キリスト教の教えの核心は、最初の人間(アダム)が犯した原罪(意志の肯定)が、キリスト(意志の否定)によって救われるということだ。
原罪とは、アダムとエバが神の命令に背いて禁断の果実を食べたことで、この行為は性欲を満足させるためであったとされている。アダムとエバのこの行為によって、人間は「原罪」を負い、生まれながらにして罪を持つ存在となった。>根拠の原理から外れる。
原罪によって、人間は個々の存在に分散し、これは、エントロピー増大の法則だ。キリストは、意志の否定、つまり自己中心的な欲望や意志を捨て、神の意志に従うことを示し、キリストの生涯とその犠牲は、人間が原罪から救われ、再び神と一体となる道を示した。>根拠の原理の復活。
「根拠の原理」とはすべての事象にはそれを引き起こす原因があり、それによって説明できるという考え方でキリスト教の文脈では、通常、出来事や存在の根拠は神の意志や計画に基づいて説明される。しかし、特定の事象や教義に関しては、「根拠の原理から解放された」とされる部分があり、これは、それらの事象や教義が理性や通常の因果関係では説明できない。
エントロピー増大の法則は、物理学の熱力学第二法則に基づく概念で、閉じた系ではエントロピー(無秩序の度合い)が常に増大するというもので、この法則は、自然界においてすべての物質やエネルギーが時間とともに無秩序な状態に向かうことを示している。実はエントロピー増大が時間だという説明を聞いたこともある。
エントロピー増大の法則は、無秩序が増大する方向に向かうという物理学の原則でセックス(性行為)は新しい生命が生まれ、人間社会は持続可能な形で存続する。これは、宇宙の無秩序への進行を防ぐ善きことになる。性行為がエントロピー増大に対抗する手段であるという考え方が成り立つ。
セックスをエントロピー増大の法則に対抗する手段として説明することは、キリスト教の教義に新たな視点を提供すると同時にショーペンハウエルの説にも新たな視点を提供する。
エントロピー増大の法則こそが難題を解く補助線になる気がしている。だけどまだまだスッキリとはわからない。
「カラマーゾフの兄弟」でイワンは神の存在を認めるが、神が創った世界を認めません。彼は、予定調和的な運命論や宿命論に対して強烈な批判を展開している。

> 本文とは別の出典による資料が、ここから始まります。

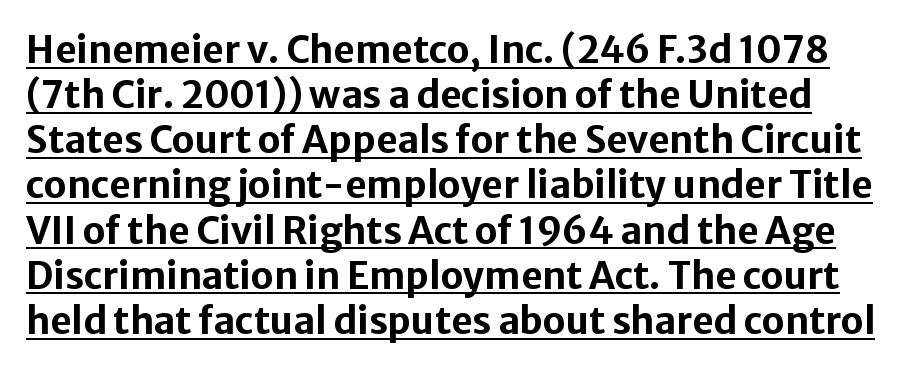
The image shows 37 px bold sans-serif type, upright; set line spacing 1.22x, normal letter spacing, underlined; low stroke contrast and a medium x-height.

イワンは「俺が受け入れないのは神じゃない。俺が受け入れないのは、神によって創られた世界だ。この世界を受け入れることに同意できないんだ。」
イワンは、神の存在は認めながらも、その神が創った世界に対して深い不満を持っています。彼はこの世界の不完全さや不条理に対する怒りから、「この世界への入場券を返す」とさえ言う。
福岡伸一は、生命現象とエントロピー増大の法則(熱力学第二法則)について語っている。エントロピー増大の法則は、無秩序が増大する方向に向かうという物理学の原則で福岡氏は、生命がこの法則に対抗するために、自らを壊して再構築するプロセスを持っていると説明しセックス(性行為)はエントロピー増大の法則に対抗する重要な手段だと。
イワンへの現代物理学の視点からの反論となっているのが非常に興味深い。もしイワンが仏教を知っていたならば、彼は「この世界への入場券を返す」相手(神)がいない=仏教は創造神を持たないことを理解し、怒りをぶつける対象がなくなるため、狂い死にを免れて修行に励んだかもしれない。
イワンが熱力学第二法則やショーペンハウエルを知っていたら神の意図=根拠の原理からの解放の意義すなわちエントロピー増大の法則に対抗する手段が存在することを深く理解したかもしれない。